Sunday, March 23, 2008

Out-of-process memoization using memcached.

This is my humble recognition of memcached (“a high-performance, distributed memory object caching system”) usefulness. It is not a language or platform dependent tool, so do not overlook it just because I tend to talk about Python or Java.

Last weeks I have been fixing a lot of small bugs on a legacy application. After solving most of them, a challenging problem remained: Lots of database-intensive computations were taking too much time to complete. Where "too much time" == 48 hours. Some people suggested me to rewrite all that part of the application, but that was impractical with all the pressure of getting it done in one or two days. And it was the wrong solution, as explained at the end of this post.

So after a bit of research and profiling, I identified two critical points. One was solved by carefully rewriting a lot of SQL queries into just one or two, while modifying the program as little as possible.

The other problem was the program repeatedly computing the same thing over and over. It resembled the naive recursive fibonacci algorithm:

def fib(n):
if n == 1 or n == 2: return 1
return fib(n - 1) + fib(n - 2)

Of course, this is easy to solve adding memoization to the fib routine:

fibs = {1: 1, 2: 1}
def fib(n):
if n in fibs:
return fibs[n]
else:
result = fib(n - 1) + fib(n - 2)
fibs[n] = result
return result

My problem when applying this kind of solution was memory space: I feared running out of it, considering the amount of data processed by the program. In the end, I would have to program a little cache subsystem and deal with the feared global state. Or dig into the inner deeps of the system changing a lot of method signatures to pass the damn state along.

But I didn't. I just plugged a java memcached client library, surrounded the computation routine with code very similar to the second fibonacci example, fired a memcached instance on the development server, and it went way faster.

Now everybody is happy, including myself for not having to reimplement the whole computation. Rewriting code from scratch is tempting when nobody understand the existing one anymore. But we tend to underestimate the amount of work behind that unintelligible pieces of code. Much of their ugliness comes from covering a lot of corner cases. Coming with a new, shiny piece of code may not be that hard, but it will be buggy, until it passes a great deal of testing. If we can not understand the existing code, we can hardly thoroughly test the new one, just because we are not understanding all the corner cases. Only after we really understand the ugly code, we can write a better version from scratch. That was not my case.

Just for the record, the computation now takes 3 hours, for a 15x speed improvement :).

Saturday, March 8, 2008

How to Demotivate Me at Work

This a condensed list of things I hate, collected from the past five years of work for multiple software companies. In no special order:

  • Always assign me to projects where I am the only developer.

  • Throw me at unfinished projects where the single developer left the company.

  • Throw me at projects where the massive pre-existent accidental complexity (e.g, stupid technological infrastructure) never gets out of the way.

  • Put technical decision-making on non-technical people's hands.

  • Throw me at crappy, badly “finished” projects that no one understand anymore, just after a critical “milestone” happened (such as a very very angry customer, or a last-minute disaster). Bonus points for letting me solve them without help of other programmers.

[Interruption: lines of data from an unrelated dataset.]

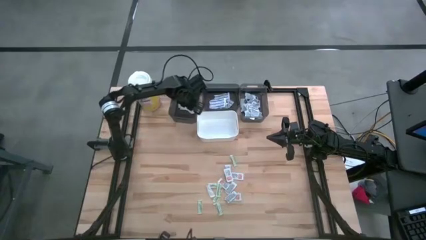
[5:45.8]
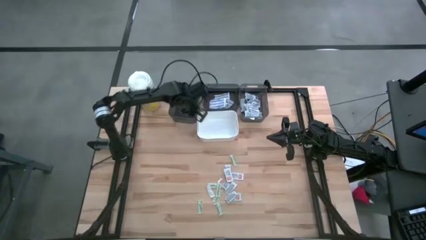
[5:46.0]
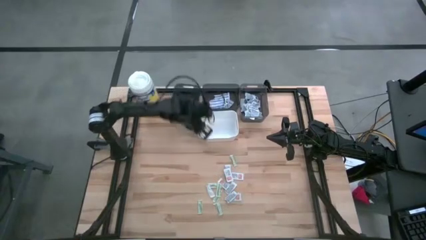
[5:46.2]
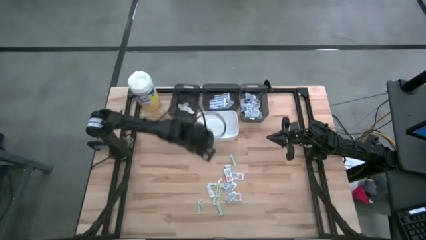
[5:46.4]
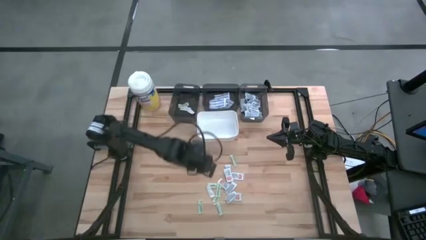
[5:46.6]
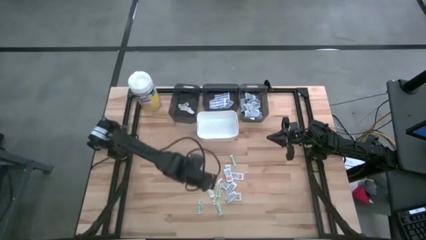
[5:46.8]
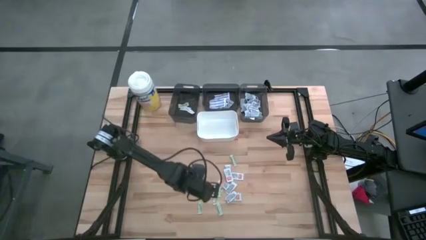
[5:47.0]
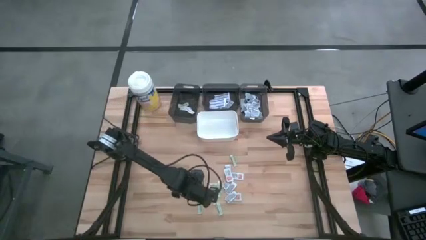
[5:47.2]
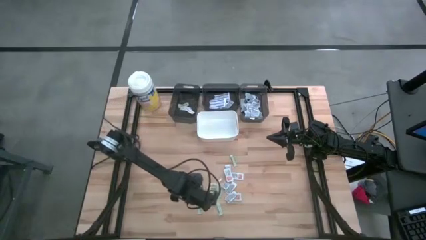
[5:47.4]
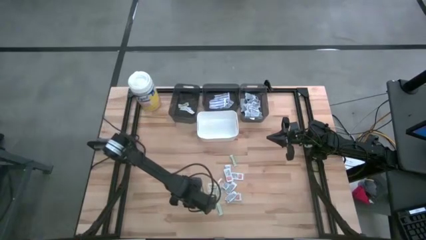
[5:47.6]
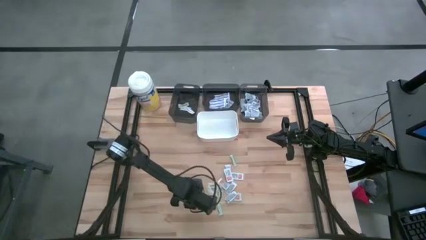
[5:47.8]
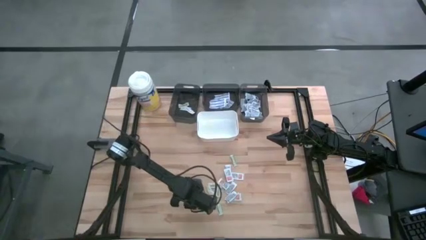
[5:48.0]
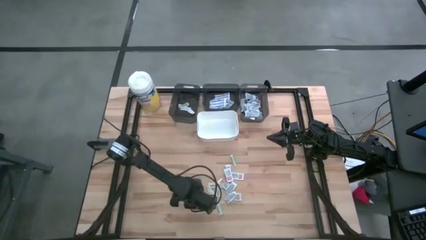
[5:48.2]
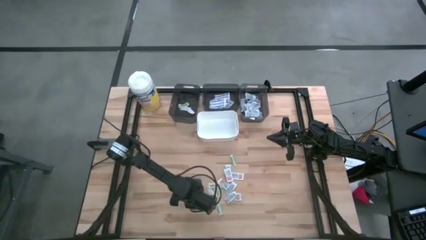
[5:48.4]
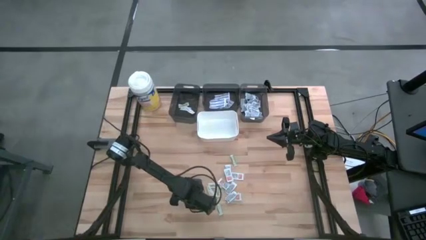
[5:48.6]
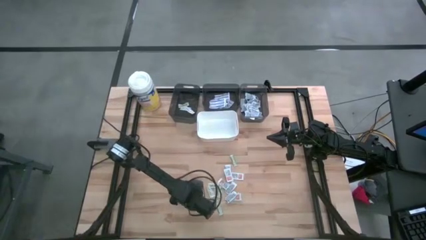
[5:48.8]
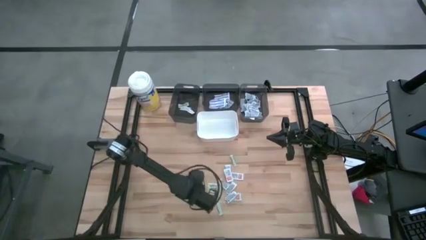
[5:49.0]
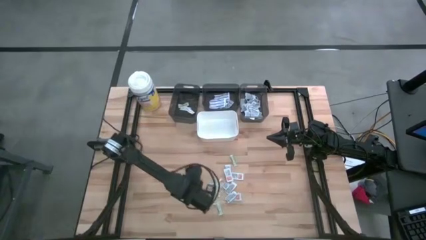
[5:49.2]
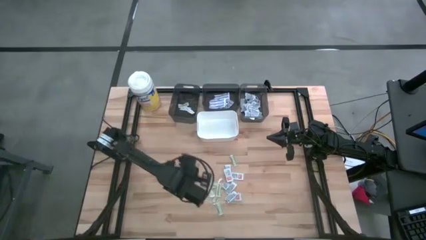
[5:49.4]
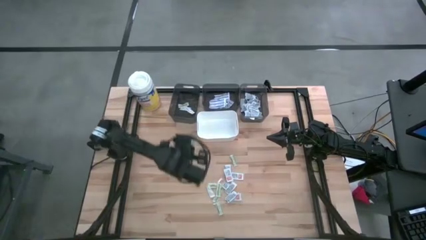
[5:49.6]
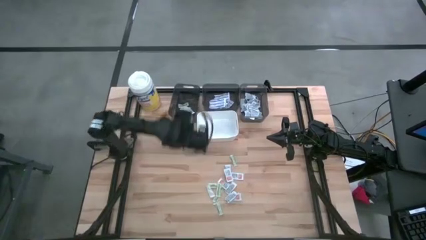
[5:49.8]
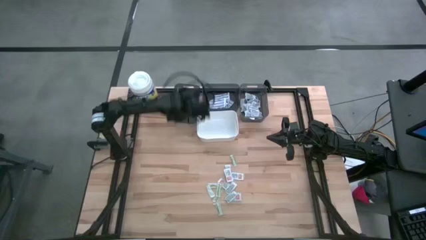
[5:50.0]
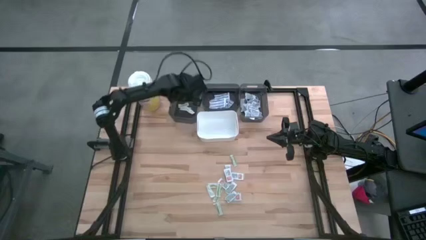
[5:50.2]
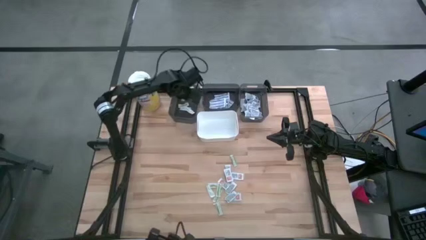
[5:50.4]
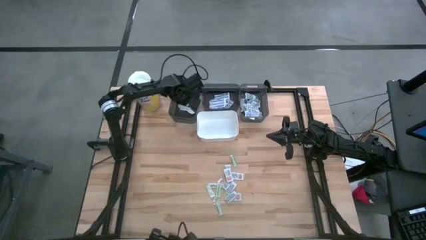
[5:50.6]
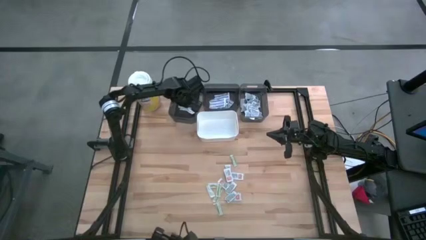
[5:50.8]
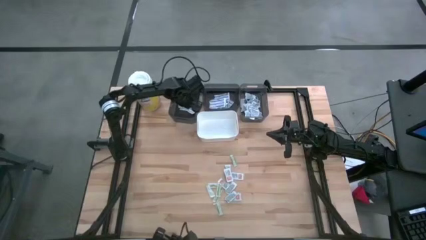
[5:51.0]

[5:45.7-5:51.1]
Task: Pick & Place First Aid Supplies
Put the green bandage pack into the left black bin

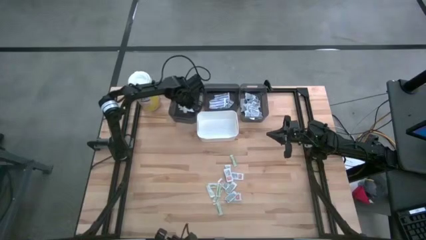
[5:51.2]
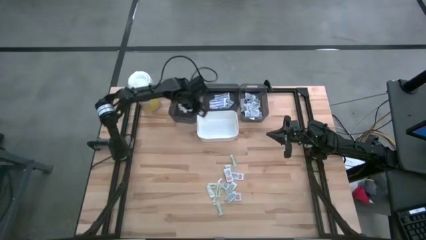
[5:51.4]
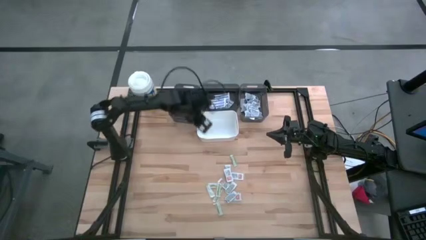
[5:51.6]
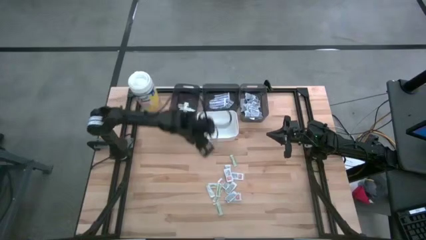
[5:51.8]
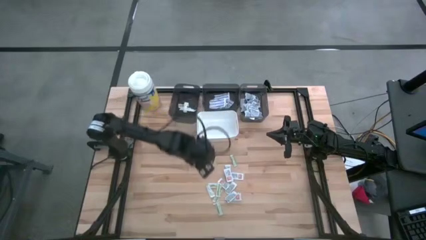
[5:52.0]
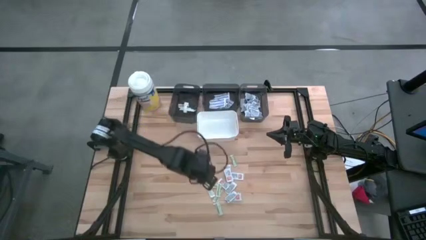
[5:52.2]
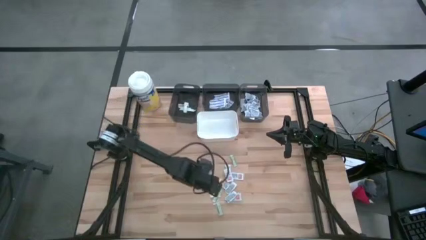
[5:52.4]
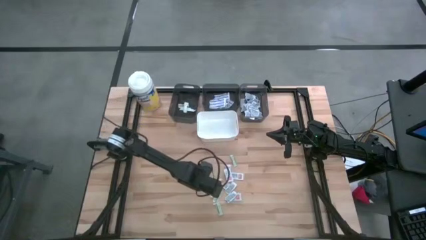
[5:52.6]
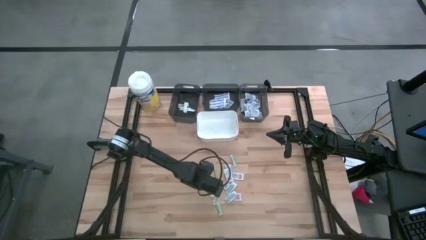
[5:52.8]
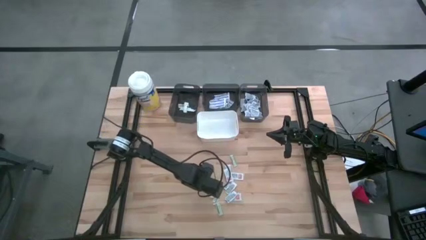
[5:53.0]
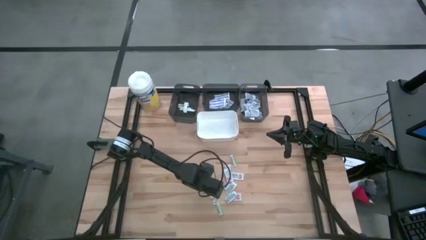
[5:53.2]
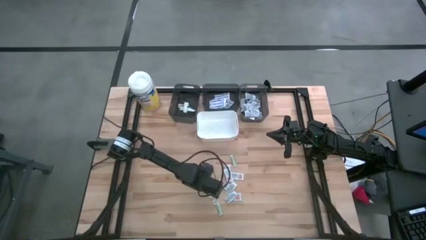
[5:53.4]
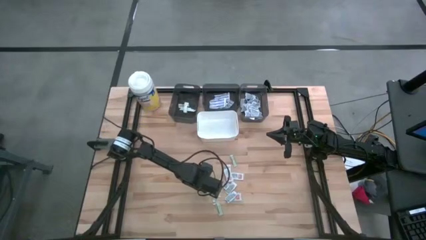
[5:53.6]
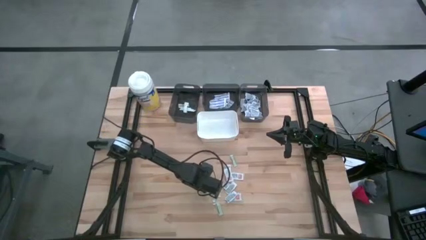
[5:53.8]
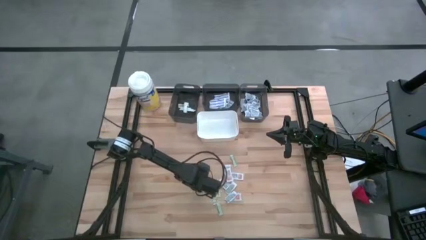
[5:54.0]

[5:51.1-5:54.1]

Add even more extra points for no help from other human beings at all.

  • Move me from project to project, without getting anything really finished.

  • Put more attention on how do I work than on what I produce.

Disclaimer: This is not a targeted critic against my current employer (or an specific past employer). As far as I know, this kind of shit happens, almost everywhere. But I would really like to work on a different world. Can we change it?

Sunday, March 2, 2008

Reading a Binary File on Ruby

No, it is not as simple as:

contents = IO.read(path_to_binary_file)

Because it does not work well on Windows platforms. You should do:

contents = open(path_to_binary_file, "rb") {|io| io.read }

Obviously, the key is the binary flag. It can not be passed to IO.read.

I learned this because a co-worker had a mysterious problem sending email attachments with rails. I was not able to help her (that IO.read never seemed suspicious to me), but once she found the solution, all became clear.

But you know, the real bug was she using Windows as a development platform, right?.

Update: Changed recipe to use open instead of IO.open. Thanks to Brian Hartin for pointing that in the comments.